So lernt mein Hund by Sabine Winkler
Autor:Sabine Winkler [Winkler, Sabine]
Die sprache: deu
Format: epub
ISBN: 978-3-440-13827-4
Herausgeber: Franckh-Kosmos Verlags-GmbH & Co. KG
veröffentlicht: 2013-10-06T23:00:00+00:00
Löschen (Extinktion) bei negativer Verstärkung
Die Vermeidungsreaktion selbst ist erstaunlich resistent gegen Extinktion, auch wenn lange Zeit keine »Auffrischung« durch erneutes Erleben des aversiven Reizes mehr vorgekommen ist. Zumindest gilt dies, wenn der verwendete aversive Reiz sehr stark war. Offenbar ist dann die Erleichterung darüber, die Unannehmlichkeiten erfolgreich vermieden zu haben, so groß, dass sie dauerhaft eine sehr wirksame Belohnung nach dem Motto »Uff – gerade noch mal davongekommen!« darstellt. Z. B. führten Hunde in einem Experiment eine durch Elektroschocks gelernte Vermeidungsreaktion noch mindestens 200-mal flott und zuverlässig aus, nachdem eigentlich gar kein Schock mehr erfolgt wäre, wenn sie sich falsch verhalten hätten.
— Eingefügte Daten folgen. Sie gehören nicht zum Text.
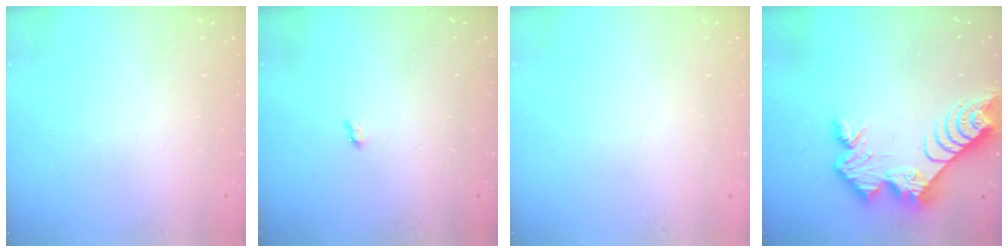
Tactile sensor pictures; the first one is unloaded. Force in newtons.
{"total": 1.7, "press": 1.6, "slide": 0.3}
{"total": 0.0}
{"total": 12.1, "press": 12.1, "slide": 0.8}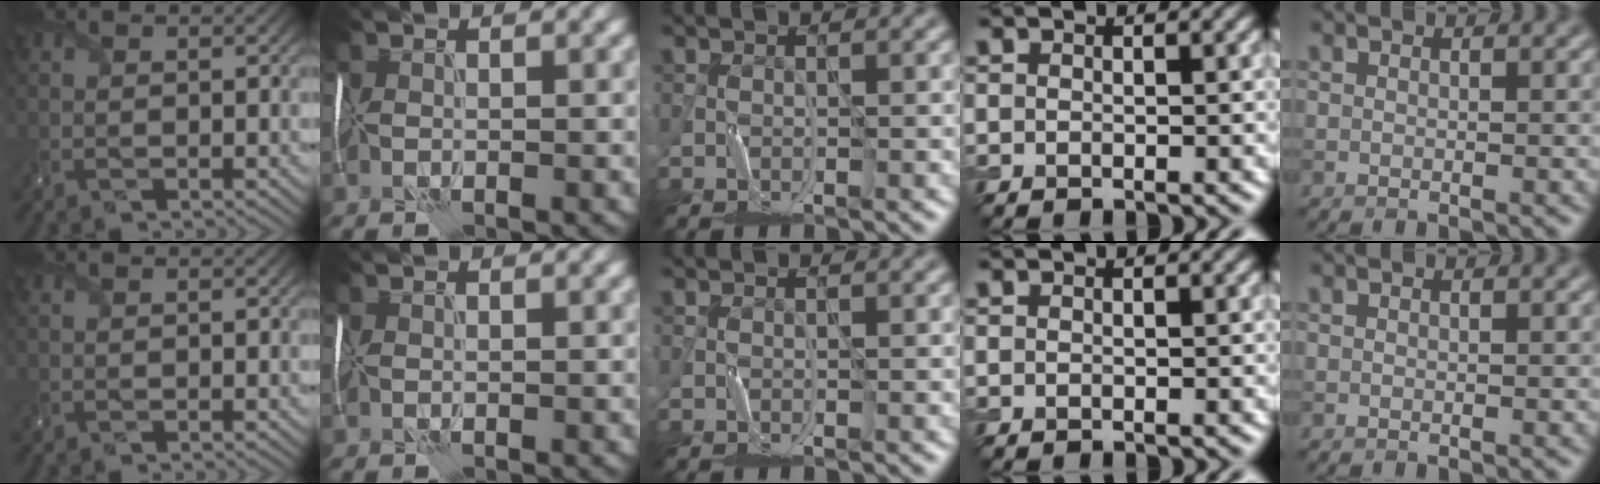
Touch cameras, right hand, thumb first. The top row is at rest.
{}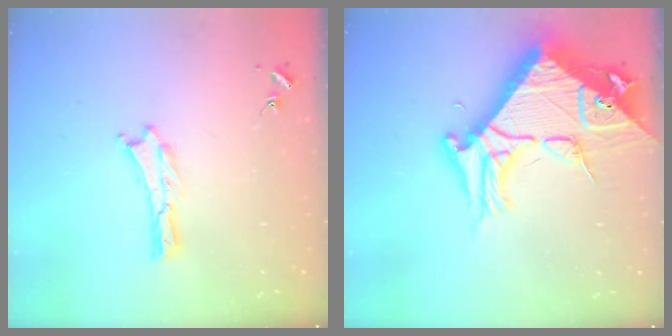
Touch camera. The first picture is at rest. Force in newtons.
{"total": 13.0, "press": 12.9, "slide": 1.4}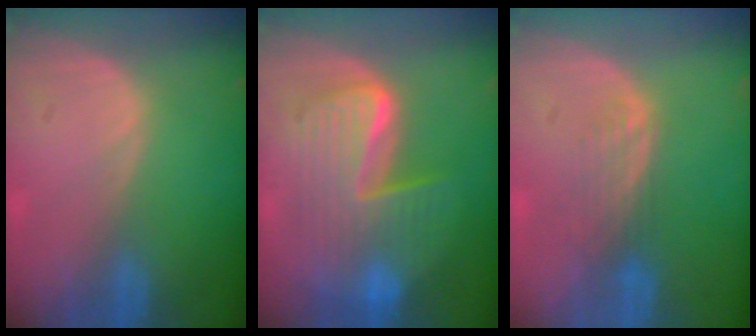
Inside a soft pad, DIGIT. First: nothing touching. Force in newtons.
{"total": 10.2, "press": 10.2, "slide": 0.9}
{"total": 3.3, "press": 2.8, "slide": 1.8}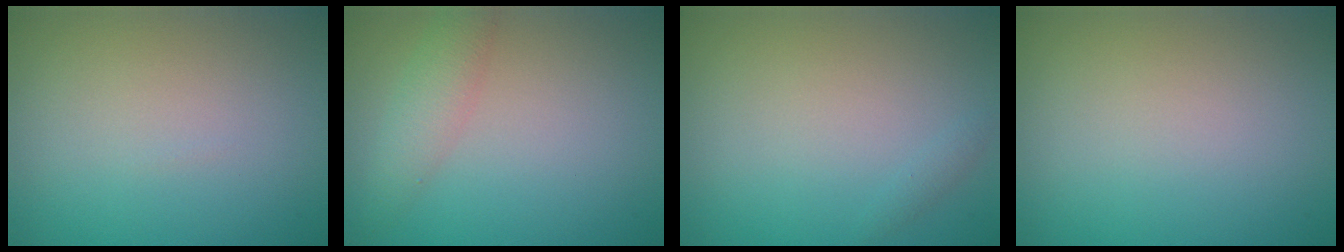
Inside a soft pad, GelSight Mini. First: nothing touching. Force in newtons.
{"total": 2.5, "press": 2.5, "slide": 0.1}
{"total": 0.6, "press": 0.6, "slide": 0.0}
{"total": 0.0}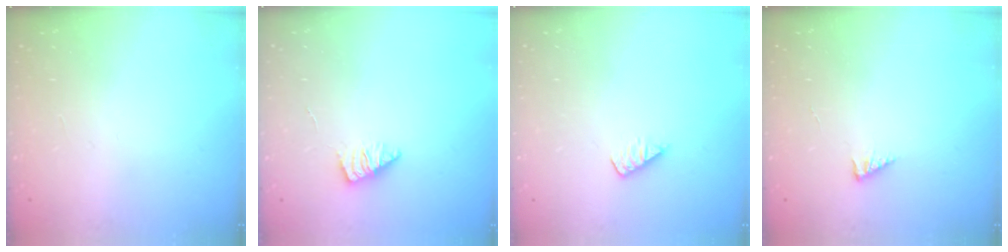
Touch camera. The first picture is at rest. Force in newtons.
{"total": 1.7, "press": 1.6, "slide": 0.4}
{"total": 1.6, "press": 1.5, "slide": 0.3}
{"total": 2.9, "press": 2.9, "slide": 0.6}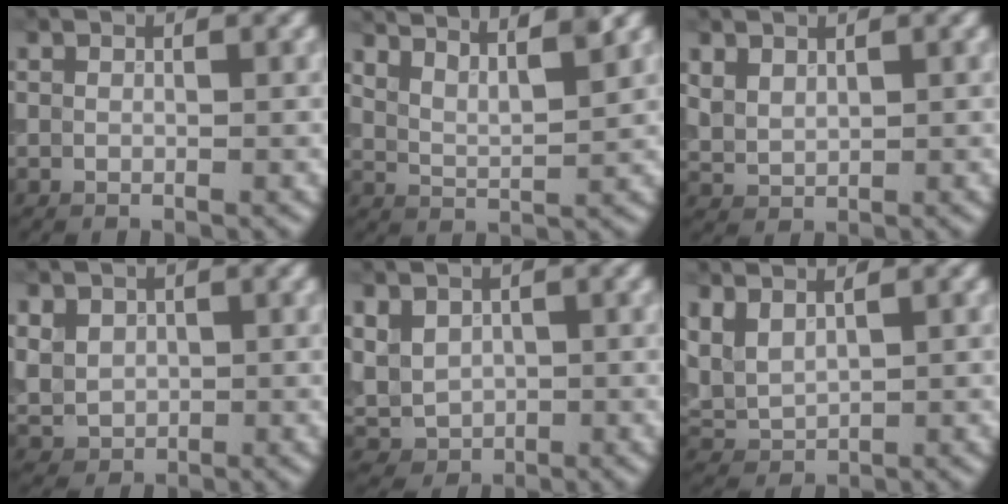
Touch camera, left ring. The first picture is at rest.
{"total": 6.9, "force": [5.5, 1.9, 3.6], "torque": [-0.051, 0.031, 0.062]}
{"total": 1.9, "force": [1.1, 1.2, 1.0], "torque": [-0.028, -0.003, 0.027]}
{"total": 3.0, "force": [0.8, 2.5, 1.4], "torque": [-0.045, 0.001, 0.023]}
{"total": 3.5, "force": [0.5, 2.9, 1.9], "torque": [-0.043, -0.002, 0.017]}
{"total": 2.9, "force": [1.7, 1.5, 1.9], "torque": [-0.053, 0.006, 0.036]}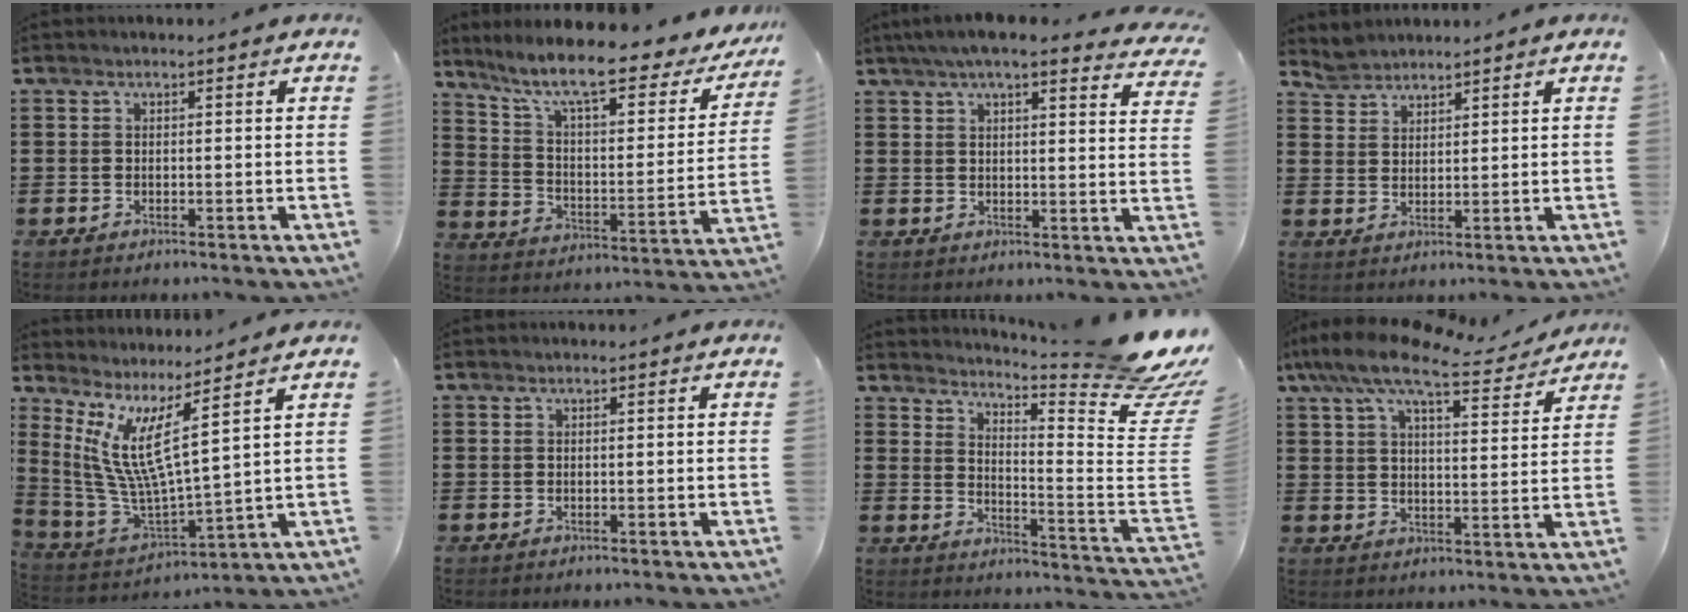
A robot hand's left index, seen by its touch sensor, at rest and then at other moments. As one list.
[{"total": 10.3, "force": [8.1, 1.0, 6.3], "torque": [-0.144, -0.053, 0.132]}, {"total": 5.6, "force": [4.8, 0.7, 3.0], "torque": [-0.072, -0.009, 0.085]}, {"total": 3.1, "force": [3.0, 0.9, -0.3], "torque": [-0.005, -0.002, 0.059]}, {"total": 8.5, "force": [4.4, 1.2, 7.2], "torque": [-0.177, -0.054, 0.071]}, {"total": 0.0}, {"total": 9.8, "force": [7.9, 0.9, 5.8], "torque": [-0.099, -0.075, 0.128]}, {"total": 10.8, "force": [8.6, 2.1, 6.1], "torque": [-0.132, -0.038, 0.146]}]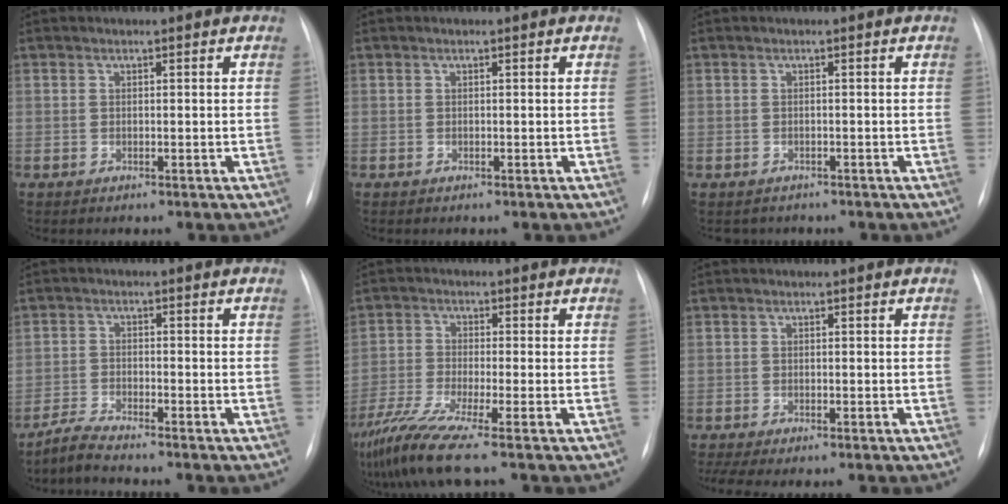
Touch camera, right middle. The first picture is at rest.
{"total": 0.0}
{"total": 1.9, "force": [-1.6, 1.0, -0.2], "torque": [-0.001, 0.001, -0.020]}
{"total": 3.1, "force": [-3.0, -0.6, 0.6], "torque": [-0.021, -0.016, -0.064]}
{"total": 8.1, "force": [-5.7, -1.2, 5.5], "torque": [-0.115, -0.032, -0.109]}
{"total": 3.1, "force": [-2.1, 0.7, 2.1], "torque": [-0.045, -0.007, -0.033]}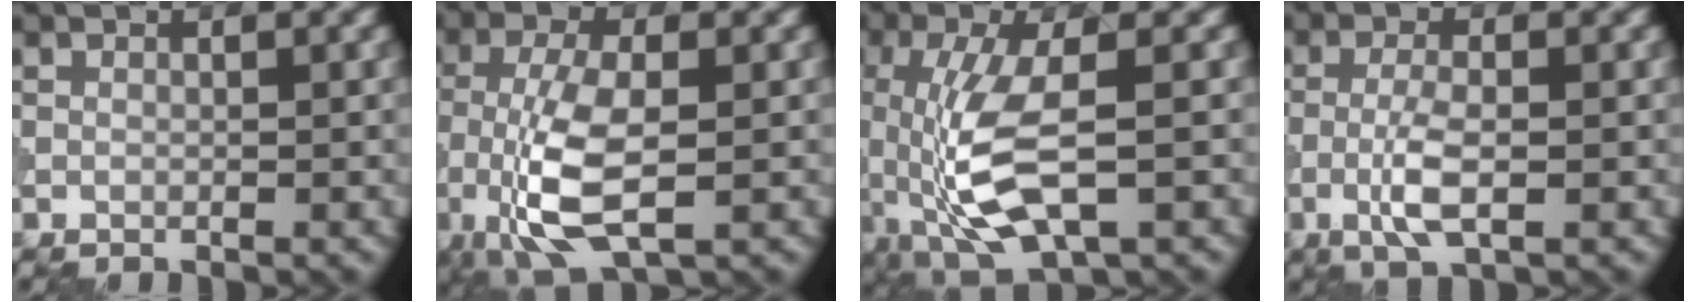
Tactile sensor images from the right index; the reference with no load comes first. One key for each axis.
{"total": 7.6, "fx": -2.1, "fy": 3.0, "fz": 6.7, "tx": -0.150, "ty": -0.003, "tz": -0.043}
{"total": 7.8, "fx": -1.6, "fy": 2.8, "fz": 7.1, "tx": -0.158, "ty": -0.001, "tz": -0.031}
{"total": 3.6, "fx": -1.0, "fy": 1.0, "fz": 3.3, "tx": -0.073, "ty": -0.001, "tz": -0.025}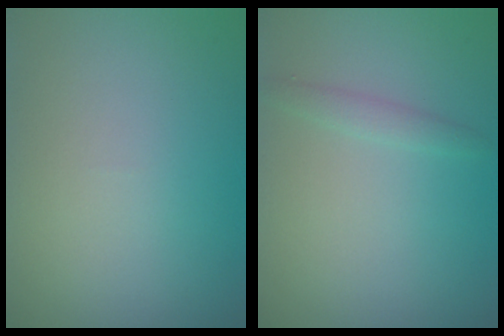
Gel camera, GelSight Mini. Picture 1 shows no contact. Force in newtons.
{"total": 1.1, "press": 1.1, "slide": 0.0}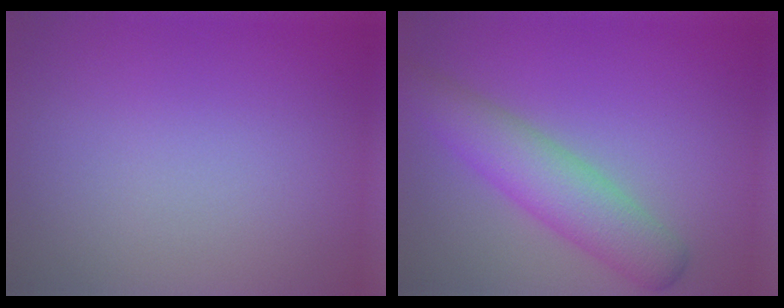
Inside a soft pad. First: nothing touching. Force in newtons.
{"total": 5.1, "press": 5.1, "slide": 0.0}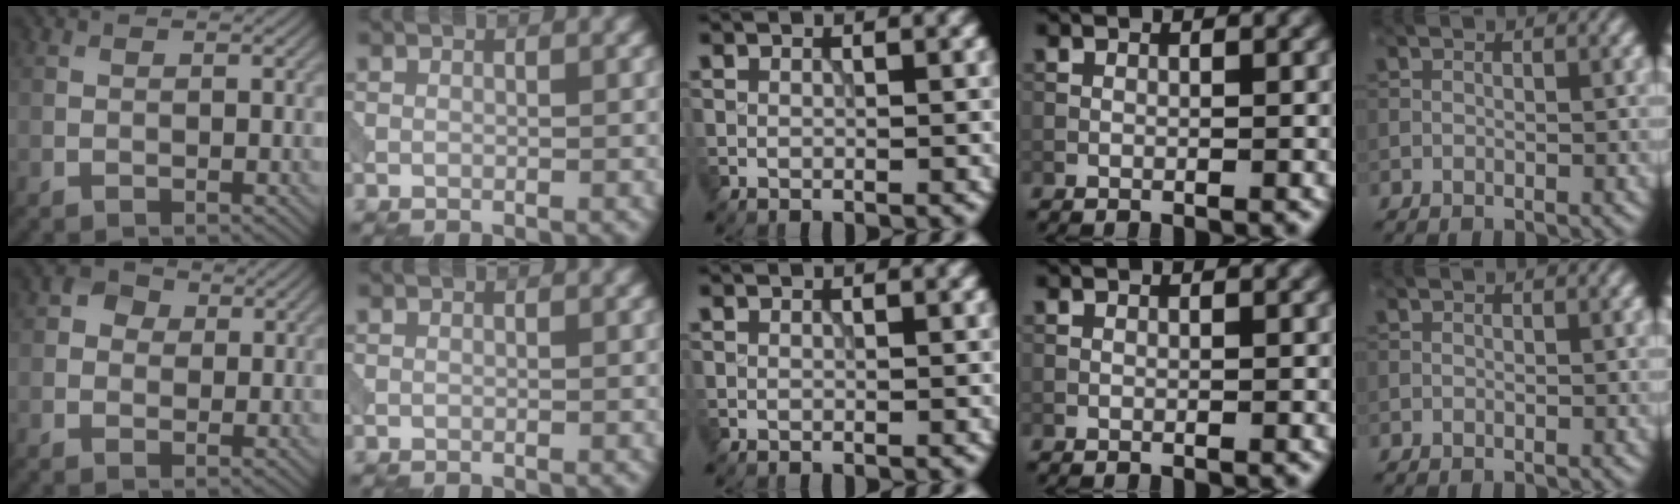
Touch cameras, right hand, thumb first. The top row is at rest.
{"thumb": {"total": 2.8, "force": [0.6, 2.4, 1.3], "torque": [-0.022, 0.004, 0.002]}}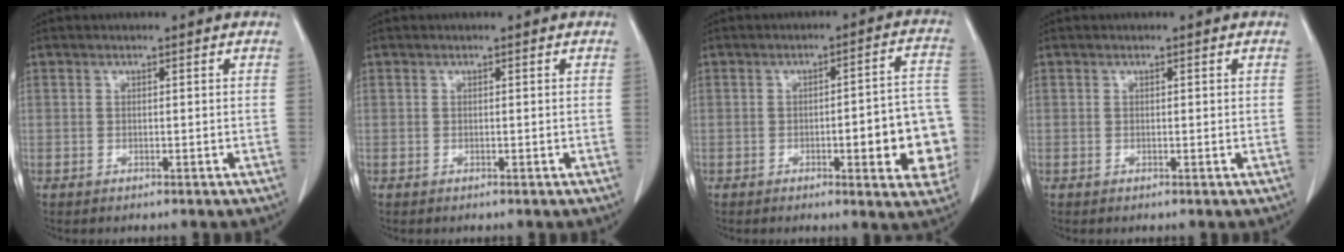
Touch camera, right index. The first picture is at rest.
{"total": 0.0}
{"total": 12.1, "force": [-2.7, 2.6, 11.5], "torque": [-0.118, 0.020, -0.032]}
{"total": 0.0}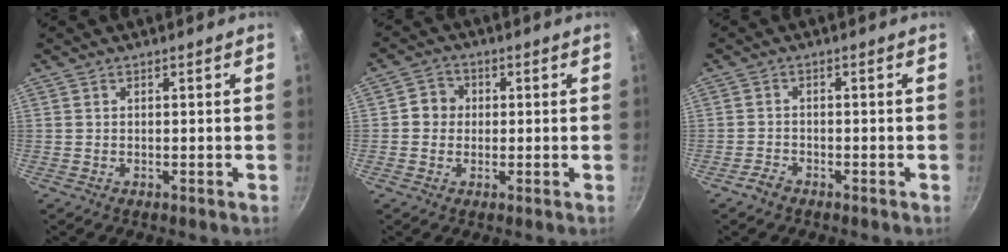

Nach demselben Prinzip zeigen auch Ängste und Phobien ein extremes Beharrungsvermögen. Der Hund setzt sich freiwillig keinem Risiko mehr aus und kann so auch nie die Erfahrung machen, dass ja eigentlich gar nichts passiert wäre, wenn er nicht auf das Warnsignal reagiert hätte. Eine Extinktion kann man dann nur noch künstlich herbeiführen, indem man das Tier daran hindert, die Vermeidungsreaktion auszuführen. Das könnte konkret z. B. so aussehen, dass man einen Hund, der einen bestimmten Weg nicht mehr gehen mag, weil er dort an einem Weidezaun einen Stromschlag bekommen hat, mehrere Male durch Mitziehen an der Leine zwingt, den Weg trotzdem zu gehen. Dadurch kann es tatsächlich gelingen, das Vermeidungsverhalten relativ rasch auszulöschen. Diese Methode ist jedoch verständlicherweise mit großem Stress verbunden und mit dem Risiko behaftet, das Problem sehr zu verschlimmern, wenn das Löschen nicht gelingt. Sie eignet sich daher normalerweise nur für relativ geringe und erst vor kurzem durch eine unglückliche Verknüpfung entstandene Ängste, bei denen der Auslöser klar umrissen ist. Wichtig ist auch, dass der Hund vorher keinerlei Probleme mit der betreffenden Situation hatte und es nicht zu befürchten ist, dass das negative Erlebnis, das zum Problem geführt hat, sich wiederholt.
Den Berner Sennenhund Artos hatte ich im Kurs als sehr umweltsicher und ausgeglichen kennengelernt. Artos Besitzerin war geschickt im Training und konnte ihren Hund gut einschätzen und unterstützen. Nach dem Kurs zogen die beiden in eine andere Stadt. Einige Wochen später klingelte spät abends mein Telefon. Artos Besitzerin war schon zwei Stunden mit ihrem Hund spazieren gegangen, ehe sie mich telefonisch erreicht hatte, und war ziemlich verzweifelt: Artos stemmte plötzlich vor dem Aufzug alle Viere in den Boden, weigerte sich beharrlich, ihn zu betreten und nahm auch keine Leckerchen mehr. Die beiden kamen nicht mehr in ihre Wohnung in einem höher gelegenen Stockwerk. Ich vergewisserte mich bei der Besitzerin, dass Artos die ganzen letzten Wochen seit dem Umzug immer problemlos und ohne Stress in den Lift gegangen war. Dann gab ich ihr den Tipp, sicherzustellen, dass Artos Halsband eng genug war und ihn dann trotz seines Widerstandes ohne Federlesens in den Lift zu ziehen – und als Belohnung sofort wieder hinauszugehen. Dies sollte sie so oft hintereinander wiederholen, bis Artos im Fahrstuhl wieder ebenso entspannt war wie früher. Eine halbe Stunde später rief Artos Besitzerin erleichtert zurück. Alles hatte geklappt und das Problem war (dauerhaft) gelöst. Warum Artos an dem Tag plötzlich Angst vor dem Fahrstuhl hatte, haben wir nie herausgefunden.